Please check out password_hash()
and friends for information on the up-to-date and correct way to handle passwords. Generally speaking, if you are using another method, it is wrong. More specifically, if you are using another method, and it is not based on crypt()
, or even if it is, it cannot automatically handle recreating hashes if you do something such as change algorithms or change cost factors, you’re doing it wrong. People who understand the math behind cryptography are, of course, exempt. The remainder of this article is preserved for historical reason, but please, switch to password_hash()
and friends.
Historical Content
First off, let me just say that I am by no means an expert cryptographer; there are all sorts of wonderful, terrible things about hashes and block ciphers that I just don’t understand (I’d like to believe that it’s because I’ve not been exposed to them, whoever’s fault that is, and that if given a chance I would get it), but that’s also why I’m writing this – to give the opinion of someone who recognizes his own weakness, and how that translates to another’s strength. Furthermore, this explanation gives a very simplistic view of web security that only examines one aspect of a secure system. For loads more information about securing your web application, take a look at “Dos and Don’ts of Client Authentication on the Web” [PDF] written by some very smart folks at M.I.T.
So, let’s start with a beginner’s introduction. In the beginning, there were users, and users wanted to be able to log in because otherwise being a user was rather pointless indeed. Thus, the password is born, and forevermore it becomes the goal of clever crackers and security experts alike. The first problem someone encounters with passwords is how to store them, and that depends very much on a few key factors: Audience, Exposure, and Uniqueness. If you are running a “homegrown” application (shout out to MecTracker) for use only inside the company, containing (in general) zero sensitive data, and you intend to pick user’s passwords for them (preventing the loss of a life password, itself a bad-yet-unavoidable practice), then why not just store them in plain text?

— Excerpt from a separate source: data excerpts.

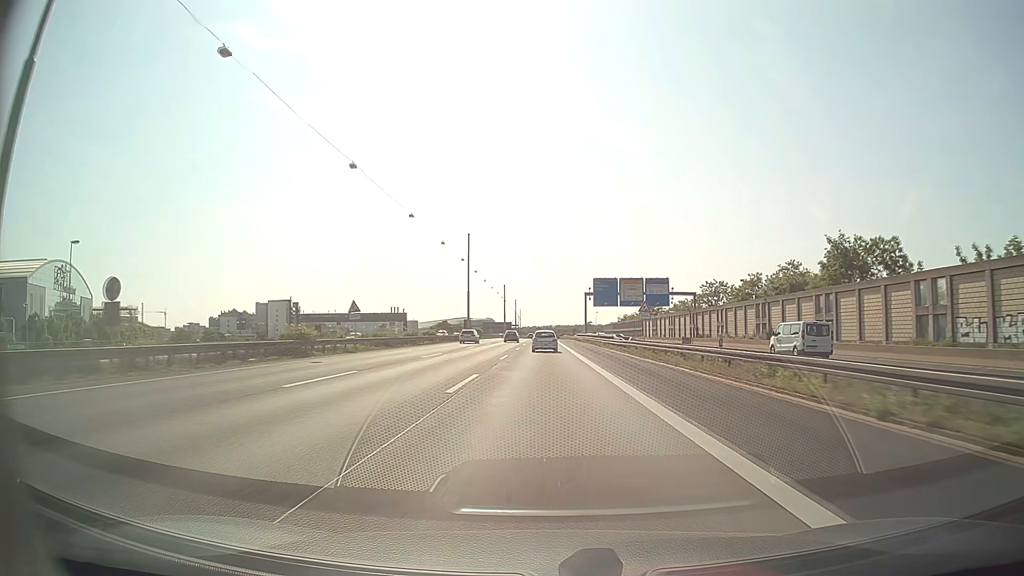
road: motorway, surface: asphalt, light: Day
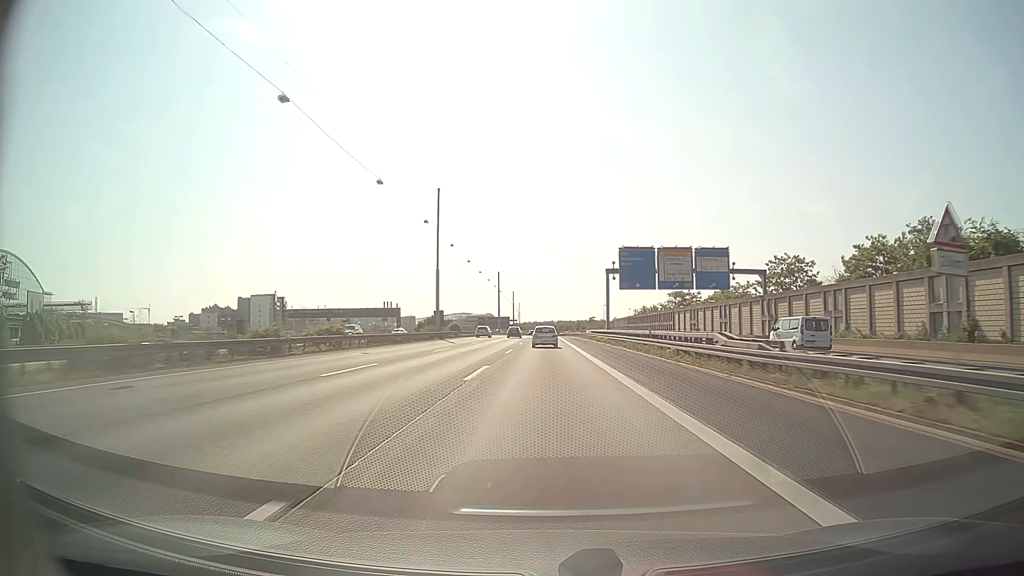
(0.0, +33.6) m; 0°
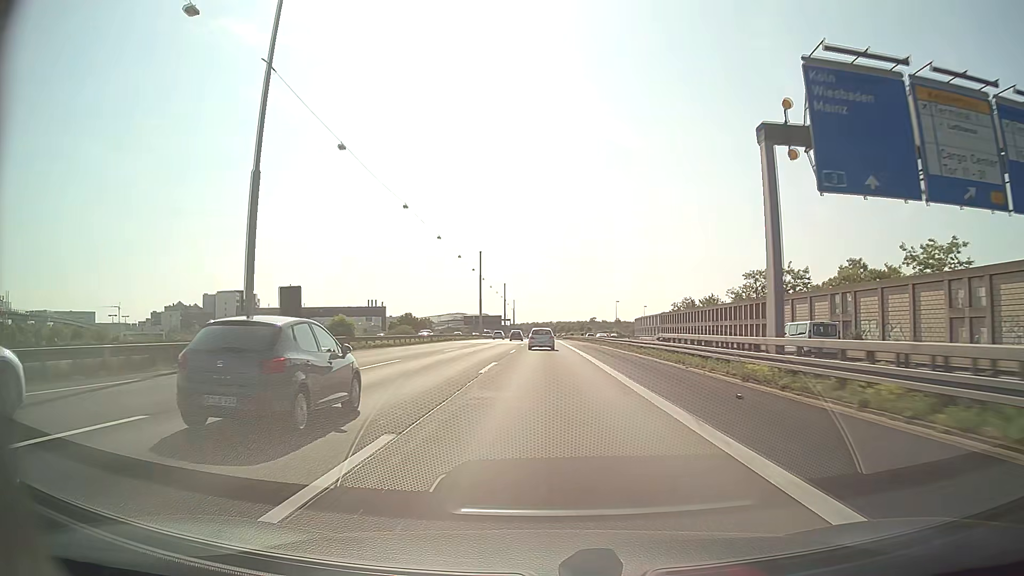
(0.0, +50.7) m; 0°
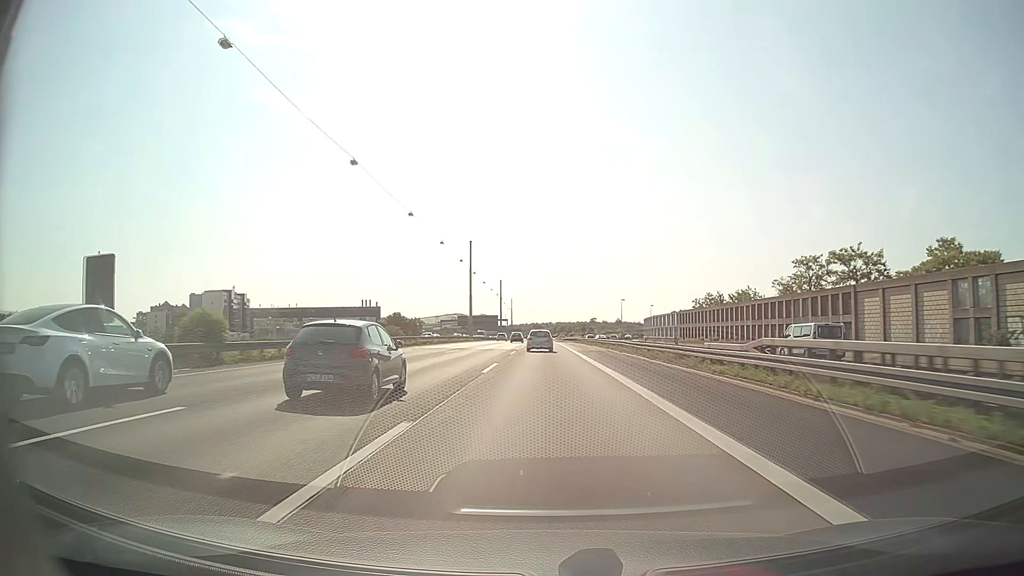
(0.0, +16.9) m; 0°
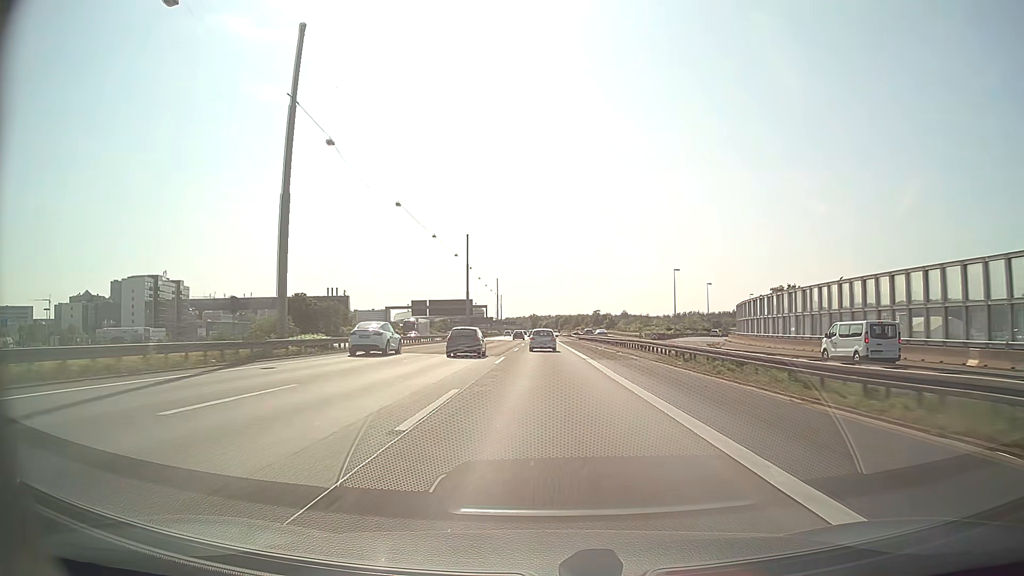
(-0.1, +84.7) m; 0°
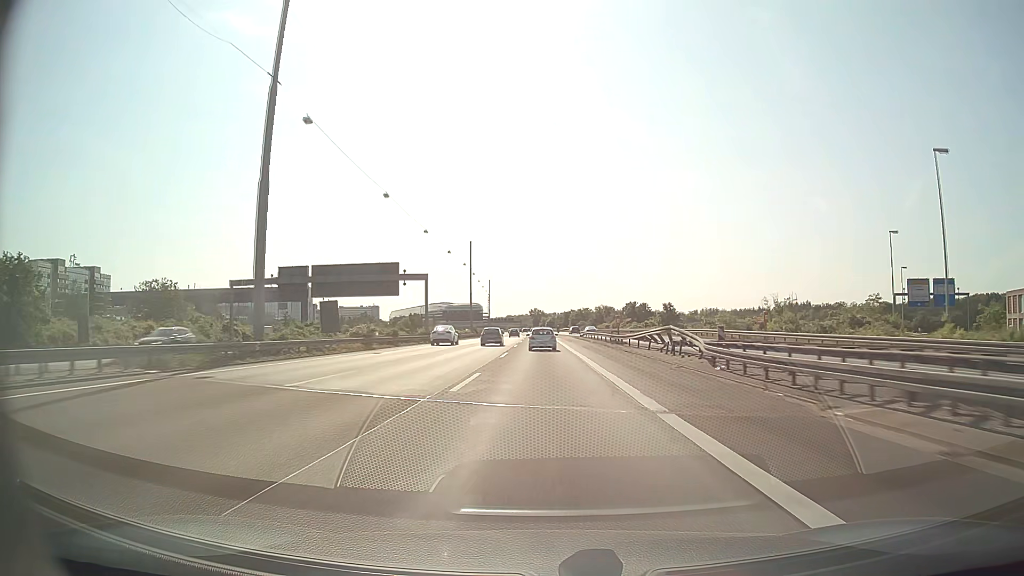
(-0.1, +84.8) m; 0°
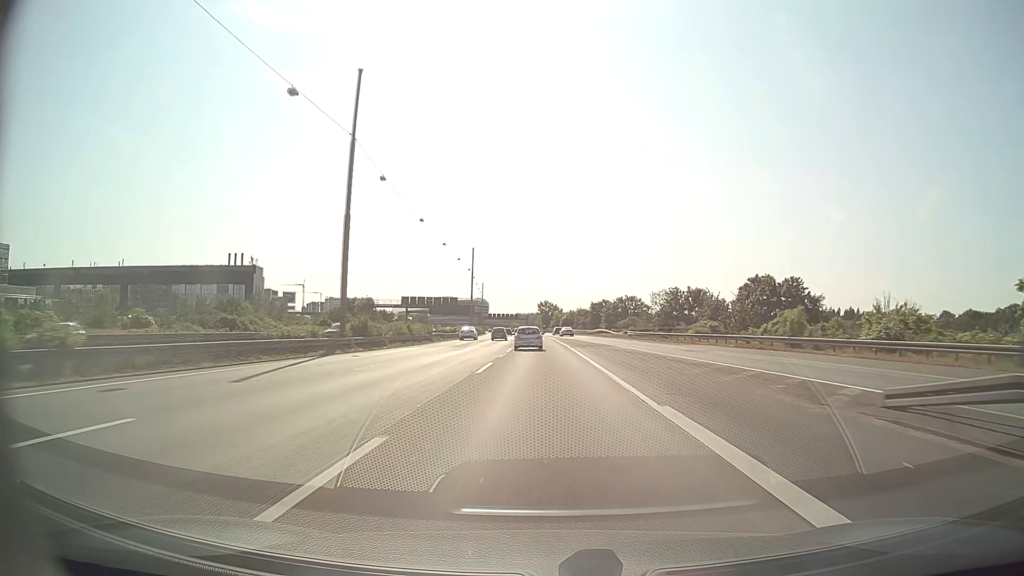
(-0.7, +84.5) m; -1°
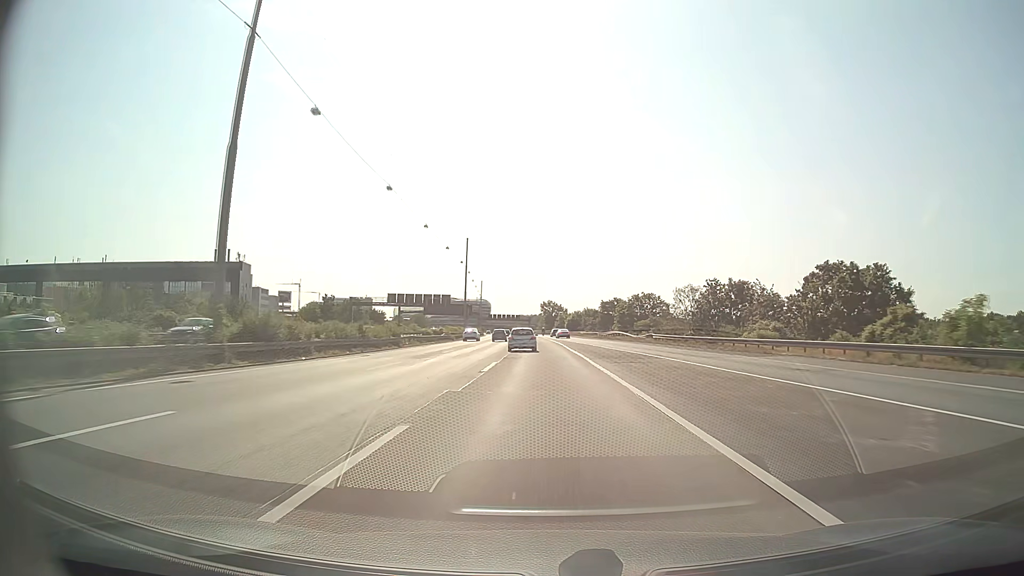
(0.0, +16.8) m; 0°
(0, +10) (0, +20) (0, +30) (0, +40) (0, +50) (-1, +60) (-1, +70) (-1, +80) (-1, +90) (-2, +100) m

Certainly makes it easy to retrieve a password for someone without having to reset it (useful for someone away from their work machine with saved password who needs to log in).
Conversely, if you’re a bank, and you’re storing any of this in plain text, you will be razed to the ground by angry tech-savvy customers and auditors alike, hopefully BEFORE you get grandma and grandpa Jones to type in the password they use for everything else, too. Hopefully, if you’re a bank, you’re using some crazy method I’m not about to describe here.

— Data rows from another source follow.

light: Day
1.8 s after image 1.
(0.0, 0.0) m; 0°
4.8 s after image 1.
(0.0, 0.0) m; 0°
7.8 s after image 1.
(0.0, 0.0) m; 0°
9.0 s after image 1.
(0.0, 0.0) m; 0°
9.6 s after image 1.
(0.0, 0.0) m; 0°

Then, there’s the middle ground. I, for example, am not a bank (who would’ve guessed? Can someone please notify my ex-girlfriend?), so my needs are much more middle-of-the-road, which is why I’ve settled for hashing. When I started using PHP, I generally stuck to simple MD5 hashes; it was 10 years ago, and breaking MD5 seemed reasonably difficult. Then I was told not to use MD5 because, at 128 bits, it was too weak, and I should be using SHA-1, which was 160 bits. Then came the recommendation for SHA-256 (guess how many bits that one is!), and then whirlpool, and so on. If you’re using a proper password strategy then you’ve been salting all along (I’ll admit I wasn’t in the old days, but you’ve got to be a beginner sometime), but if you haven’t, allow me to give you a word on salt.
“Salting” a password hash is the practice of taking a piece of input data, adding in an extra piece of information (called “salt”; see where this is going?), and hashing that, instead of just hashing the raw input. In fact, with sites that act like a search engine for MD5 and SHA-1 hashes, not salting your input is, for general purpose storage, only one-degree of separation away from just storing the data in plain text. Furthermore, good salt will be ever-changing (in this practice, the salt is also known as a ‘nonce’), and can safely be stored without obfuscation, as having included it means that a table not accounting for the nonce is useless, and a table that accounts for the nonce is only good against one of the passwords in your database. Now you’ve just made an attack much more expensive, but that may not be as useful in reality as we’d like to believe.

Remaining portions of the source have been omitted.